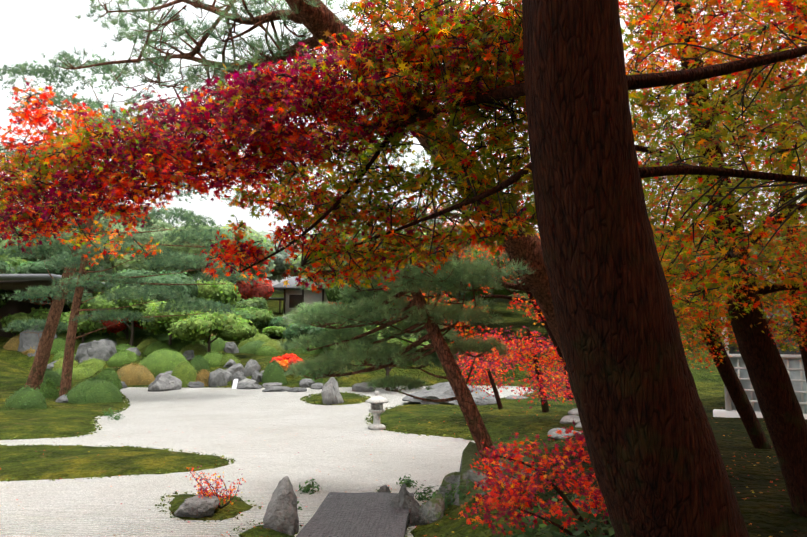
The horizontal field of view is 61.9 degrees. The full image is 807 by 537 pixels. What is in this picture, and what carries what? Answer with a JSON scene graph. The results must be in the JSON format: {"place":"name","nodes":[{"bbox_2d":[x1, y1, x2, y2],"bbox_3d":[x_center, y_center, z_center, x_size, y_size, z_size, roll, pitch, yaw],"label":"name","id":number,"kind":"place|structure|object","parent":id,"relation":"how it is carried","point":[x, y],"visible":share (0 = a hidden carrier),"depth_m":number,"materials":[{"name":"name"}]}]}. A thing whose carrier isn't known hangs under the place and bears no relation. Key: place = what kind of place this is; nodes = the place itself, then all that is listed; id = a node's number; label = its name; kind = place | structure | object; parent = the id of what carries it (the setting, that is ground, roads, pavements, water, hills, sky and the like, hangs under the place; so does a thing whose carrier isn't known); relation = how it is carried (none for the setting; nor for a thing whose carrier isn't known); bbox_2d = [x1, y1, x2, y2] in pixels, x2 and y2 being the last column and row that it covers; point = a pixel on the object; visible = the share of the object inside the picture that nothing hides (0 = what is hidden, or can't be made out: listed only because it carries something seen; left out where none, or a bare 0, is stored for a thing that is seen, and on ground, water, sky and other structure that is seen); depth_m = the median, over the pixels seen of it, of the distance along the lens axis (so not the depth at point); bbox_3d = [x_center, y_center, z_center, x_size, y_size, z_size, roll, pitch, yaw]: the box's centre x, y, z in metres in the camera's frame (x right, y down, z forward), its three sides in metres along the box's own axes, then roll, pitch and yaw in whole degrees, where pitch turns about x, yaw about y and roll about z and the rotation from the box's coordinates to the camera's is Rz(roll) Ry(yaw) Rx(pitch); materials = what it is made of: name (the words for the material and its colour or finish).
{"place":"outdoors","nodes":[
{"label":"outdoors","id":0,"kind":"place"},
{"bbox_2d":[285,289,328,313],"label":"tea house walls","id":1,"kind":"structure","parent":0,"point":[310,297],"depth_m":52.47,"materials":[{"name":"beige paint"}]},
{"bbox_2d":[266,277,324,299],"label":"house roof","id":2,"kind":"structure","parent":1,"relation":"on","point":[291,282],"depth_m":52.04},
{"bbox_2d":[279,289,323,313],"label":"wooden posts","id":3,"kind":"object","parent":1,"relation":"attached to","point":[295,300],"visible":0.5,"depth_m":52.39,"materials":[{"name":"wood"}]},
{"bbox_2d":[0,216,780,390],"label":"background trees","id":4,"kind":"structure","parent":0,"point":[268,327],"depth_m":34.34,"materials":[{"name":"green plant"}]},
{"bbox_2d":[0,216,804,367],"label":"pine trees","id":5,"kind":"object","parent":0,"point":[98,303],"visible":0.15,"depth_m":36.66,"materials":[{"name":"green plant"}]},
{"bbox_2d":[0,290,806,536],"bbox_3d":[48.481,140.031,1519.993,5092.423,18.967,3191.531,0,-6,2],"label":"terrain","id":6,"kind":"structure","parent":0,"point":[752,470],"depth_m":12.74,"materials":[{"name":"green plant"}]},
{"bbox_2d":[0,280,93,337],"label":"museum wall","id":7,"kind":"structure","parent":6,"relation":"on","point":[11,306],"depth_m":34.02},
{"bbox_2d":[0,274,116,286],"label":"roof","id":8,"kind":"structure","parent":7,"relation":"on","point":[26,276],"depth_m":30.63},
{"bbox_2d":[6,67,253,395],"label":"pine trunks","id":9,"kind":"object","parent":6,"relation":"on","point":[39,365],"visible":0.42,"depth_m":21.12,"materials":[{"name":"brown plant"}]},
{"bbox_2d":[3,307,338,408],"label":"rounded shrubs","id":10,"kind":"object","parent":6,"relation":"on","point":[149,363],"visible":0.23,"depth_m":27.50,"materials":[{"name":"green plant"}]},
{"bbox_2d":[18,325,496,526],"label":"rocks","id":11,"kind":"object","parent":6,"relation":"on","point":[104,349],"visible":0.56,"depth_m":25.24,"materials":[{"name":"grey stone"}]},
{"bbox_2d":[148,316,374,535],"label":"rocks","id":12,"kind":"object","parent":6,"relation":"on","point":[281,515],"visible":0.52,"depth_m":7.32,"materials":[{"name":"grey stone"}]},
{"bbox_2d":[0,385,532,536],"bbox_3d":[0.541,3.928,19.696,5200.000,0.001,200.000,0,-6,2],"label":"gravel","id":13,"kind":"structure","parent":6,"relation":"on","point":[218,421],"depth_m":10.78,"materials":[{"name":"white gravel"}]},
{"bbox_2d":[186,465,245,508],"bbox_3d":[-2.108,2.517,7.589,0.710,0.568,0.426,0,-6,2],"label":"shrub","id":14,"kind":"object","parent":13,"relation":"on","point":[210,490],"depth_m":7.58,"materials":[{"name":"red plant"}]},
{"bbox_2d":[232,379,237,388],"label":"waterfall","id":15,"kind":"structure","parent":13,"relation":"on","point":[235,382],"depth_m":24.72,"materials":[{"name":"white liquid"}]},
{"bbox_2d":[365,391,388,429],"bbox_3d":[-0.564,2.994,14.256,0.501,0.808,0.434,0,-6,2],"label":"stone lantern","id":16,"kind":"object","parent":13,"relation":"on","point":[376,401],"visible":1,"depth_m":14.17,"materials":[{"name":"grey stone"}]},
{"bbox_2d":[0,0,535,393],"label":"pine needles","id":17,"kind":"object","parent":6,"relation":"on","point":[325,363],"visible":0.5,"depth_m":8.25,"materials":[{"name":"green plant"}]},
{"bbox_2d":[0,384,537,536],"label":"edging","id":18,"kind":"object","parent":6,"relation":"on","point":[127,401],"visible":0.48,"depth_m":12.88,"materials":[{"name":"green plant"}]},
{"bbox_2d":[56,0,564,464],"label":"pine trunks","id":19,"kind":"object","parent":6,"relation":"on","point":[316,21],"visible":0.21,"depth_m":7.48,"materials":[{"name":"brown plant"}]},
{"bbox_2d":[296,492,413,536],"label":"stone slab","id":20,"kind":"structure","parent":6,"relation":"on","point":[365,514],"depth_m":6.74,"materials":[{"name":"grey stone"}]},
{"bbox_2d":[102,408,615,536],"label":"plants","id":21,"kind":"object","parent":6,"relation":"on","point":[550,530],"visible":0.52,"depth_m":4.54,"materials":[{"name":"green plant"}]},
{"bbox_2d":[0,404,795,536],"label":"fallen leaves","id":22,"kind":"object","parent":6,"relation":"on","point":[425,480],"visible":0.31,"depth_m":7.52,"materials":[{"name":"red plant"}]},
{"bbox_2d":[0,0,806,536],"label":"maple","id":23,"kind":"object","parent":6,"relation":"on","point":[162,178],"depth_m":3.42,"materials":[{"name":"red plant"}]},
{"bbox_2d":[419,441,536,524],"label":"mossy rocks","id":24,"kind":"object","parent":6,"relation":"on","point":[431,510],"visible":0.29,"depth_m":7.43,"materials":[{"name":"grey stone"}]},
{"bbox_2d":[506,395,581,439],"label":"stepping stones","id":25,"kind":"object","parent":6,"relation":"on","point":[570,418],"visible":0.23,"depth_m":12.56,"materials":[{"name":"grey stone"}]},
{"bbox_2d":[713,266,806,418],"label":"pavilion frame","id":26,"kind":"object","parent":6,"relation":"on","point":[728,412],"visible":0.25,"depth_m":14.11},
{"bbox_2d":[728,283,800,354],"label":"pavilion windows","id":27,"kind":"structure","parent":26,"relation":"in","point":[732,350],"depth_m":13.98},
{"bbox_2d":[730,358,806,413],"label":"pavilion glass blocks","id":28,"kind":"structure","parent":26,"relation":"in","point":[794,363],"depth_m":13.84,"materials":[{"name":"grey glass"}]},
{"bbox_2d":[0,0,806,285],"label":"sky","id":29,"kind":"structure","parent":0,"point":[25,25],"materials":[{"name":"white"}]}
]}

**What is required**
Every line of the records above must reappear exactly, though the pictures must not.

**Answer space**
The horizontal field of view is 61.9 degrees. The full image is 807 by 537 pixels. What is in this picture, and what carries what? Answer with a JSON scene graph. The results must be in the JSON format: {"place":"name","nodes":[{"bbox_2d":[x1, y1, x2, y2],"bbox_3d":[x_center, y_center, z_center, x_size, y_size, z_size, roll, pitch, yaw],"label":"name","id":number,"kind":"place|structure|object","parent":id,"relation":"how it is carried","point":[x, y],"visible":share (0 = a hidden carrier),"depth_m":number,"materials":[{"name":"name"}]}]}. A thing whose carrier isn't known hangs under the place and bears no relation. Key: place = what kind of place this is; nodes = the place itself, then all that is listed; id = a node's number; label = its name; kind = place | structure | object; parent = the id of what carries it (the setting, that is ground, roads, pavements, water, hills, sky and the like, hangs under the place; so does a thing whose carrier isn't known); relation = how it is carried (none for the setting; nor for a thing whose carrier isn't known); bbox_2d = [x1, y1, x2, y2] in pixels, x2 and y2 being the last column and row that it covers; point = a pixel on the object; visible = the share of the object inside the picture that nothing hides (0 = what is hidden, or can't be made out: listed only because it carries something seen; left out where none, or a bare 0, is stored for a thing that is seen, and on ground, water, sky and other structure that is seen); depth_m = the median, over the pixels seen of it, of the distance along the lens axis (so not the depth at point); bbox_3d = [x_center, y_center, z_center, x_size, y_size, z_size, roll, pitch, yaw]: the box's centre x, y, z in metres in the camera's frame (x right, y down, z forward), its three sides in metres along the box's own axes, then roll, pitch and yaw in whole degrees, where pitch turns about x, yaw about y and roll about z and the rotation from the box's coordinates to the camera's is Rz(roll) Ry(yaw) Rx(pitch); materials = what it is made of: name (the words for the material and its colour or finish).
{"place":"outdoors","nodes":[
{"label":"outdoors","id":0,"kind":"place"},
{"bbox_2d":[285,289,328,313],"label":"tea house walls","id":1,"kind":"structure","parent":0,"point":[310,297],"depth_m":52.47,"materials":[{"name":"beige paint"}]},
{"bbox_2d":[266,277,324,299],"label":"house roof","id":2,"kind":"structure","parent":1,"relation":"on","point":[291,282],"depth_m":52.04},
{"bbox_2d":[279,289,323,313],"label":"wooden posts","id":3,"kind":"object","parent":1,"relation":"attached to","point":[295,300],"visible":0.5,"depth_m":52.39,"materials":[{"name":"wood"}]},
{"bbox_2d":[0,216,780,390],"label":"background trees","id":4,"kind":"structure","parent":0,"point":[268,327],"depth_m":34.34,"materials":[{"name":"green plant"}]},
{"bbox_2d":[0,216,804,367],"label":"pine trees","id":5,"kind":"object","parent":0,"point":[98,303],"visible":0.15,"depth_m":36.66,"materials":[{"name":"green plant"}]},
{"bbox_2d":[0,290,806,536],"bbox_3d":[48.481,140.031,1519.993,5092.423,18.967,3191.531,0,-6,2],"label":"terrain","id":6,"kind":"structure","parent":0,"point":[752,470],"depth_m":12.74,"materials":[{"name":"green plant"}]},
{"bbox_2d":[0,280,93,337],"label":"museum wall","id":7,"kind":"structure","parent":6,"relation":"on","point":[11,306],"depth_m":34.02},
{"bbox_2d":[0,274,116,286],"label":"roof","id":8,"kind":"structure","parent":7,"relation":"on","point":[26,276],"depth_m":30.63},
{"bbox_2d":[6,67,253,395],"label":"pine trunks","id":9,"kind":"object","parent":6,"relation":"on","point":[39,365],"visible":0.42,"depth_m":21.12,"materials":[{"name":"brown plant"}]},
{"bbox_2d":[3,307,338,408],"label":"rounded shrubs","id":10,"kind":"object","parent":6,"relation":"on","point":[149,363],"visible":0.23,"depth_m":27.50,"materials":[{"name":"green plant"}]},
{"bbox_2d":[18,325,496,526],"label":"rocks","id":11,"kind":"object","parent":6,"relation":"on","point":[104,349],"visible":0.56,"depth_m":25.24,"materials":[{"name":"grey stone"}]},
{"bbox_2d":[148,316,374,535],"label":"rocks","id":12,"kind":"object","parent":6,"relation":"on","point":[281,515],"visible":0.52,"depth_m":7.32,"materials":[{"name":"grey stone"}]},
{"bbox_2d":[0,385,532,536],"bbox_3d":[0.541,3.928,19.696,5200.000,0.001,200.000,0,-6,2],"label":"gravel","id":13,"kind":"structure","parent":6,"relation":"on","point":[218,421],"depth_m":10.78,"materials":[{"name":"white gravel"}]},
{"bbox_2d":[186,465,245,508],"bbox_3d":[-2.108,2.517,7.589,0.710,0.568,0.426,0,-6,2],"label":"shrub","id":14,"kind":"object","parent":13,"relation":"on","point":[210,490],"depth_m":7.58,"materials":[{"name":"red plant"}]},
{"bbox_2d":[232,379,237,388],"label":"waterfall","id":15,"kind":"structure","parent":13,"relation":"on","point":[235,382],"depth_m":24.72,"materials":[{"name":"white liquid"}]},
{"bbox_2d":[365,391,388,429],"bbox_3d":[-0.564,2.994,14.256,0.501,0.808,0.434,0,-6,2],"label":"stone lantern","id":16,"kind":"object","parent":13,"relation":"on","point":[376,401],"visible":1,"depth_m":14.17,"materials":[{"name":"grey stone"}]},
{"bbox_2d":[0,0,535,393],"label":"pine needles","id":17,"kind":"object","parent":6,"relation":"on","point":[325,363],"visible":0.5,"depth_m":8.25,"materials":[{"name":"green plant"}]},
{"bbox_2d":[0,384,537,536],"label":"edging","id":18,"kind":"object","parent":6,"relation":"on","point":[127,401],"visible":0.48,"depth_m":12.88,"materials":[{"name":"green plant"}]},
{"bbox_2d":[56,0,564,464],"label":"pine trunks","id":19,"kind":"object","parent":6,"relation":"on","point":[316,21],"visible":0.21,"depth_m":7.48,"materials":[{"name":"brown plant"}]},
{"bbox_2d":[296,492,413,536],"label":"stone slab","id":20,"kind":"structure","parent":6,"relation":"on","point":[365,514],"depth_m":6.74,"materials":[{"name":"grey stone"}]},
{"bbox_2d":[102,408,615,536],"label":"plants","id":21,"kind":"object","parent":6,"relation":"on","point":[550,530],"visible":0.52,"depth_m":4.54,"materials":[{"name":"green plant"}]},
{"bbox_2d":[0,404,795,536],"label":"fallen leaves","id":22,"kind":"object","parent":6,"relation":"on","point":[425,480],"visible":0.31,"depth_m":7.52,"materials":[{"name":"red plant"}]},
{"bbox_2d":[0,0,806,536],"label":"maple","id":23,"kind":"object","parent":6,"relation":"on","point":[162,178],"depth_m":3.42,"materials":[{"name":"red plant"}]},
{"bbox_2d":[419,441,536,524],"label":"mossy rocks","id":24,"kind":"object","parent":6,"relation":"on","point":[431,510],"visible":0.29,"depth_m":7.43,"materials":[{"name":"grey stone"}]},
{"bbox_2d":[506,395,581,439],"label":"stepping stones","id":25,"kind":"object","parent":6,"relation":"on","point":[570,418],"visible":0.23,"depth_m":12.56,"materials":[{"name":"grey stone"}]},
{"bbox_2d":[713,266,806,418],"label":"pavilion frame","id":26,"kind":"object","parent":6,"relation":"on","point":[728,412],"visible":0.25,"depth_m":14.11},
{"bbox_2d":[728,283,800,354],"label":"pavilion windows","id":27,"kind":"structure","parent":26,"relation":"in","point":[732,350],"depth_m":13.98},
{"bbox_2d":[730,358,806,413],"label":"pavilion glass blocks","id":28,"kind":"structure","parent":26,"relation":"in","point":[794,363],"depth_m":13.84,"materials":[{"name":"grey glass"}]},
{"bbox_2d":[0,0,806,285],"label":"sky","id":29,"kind":"structure","parent":0,"point":[25,25],"materials":[{"name":"white"}]}
]}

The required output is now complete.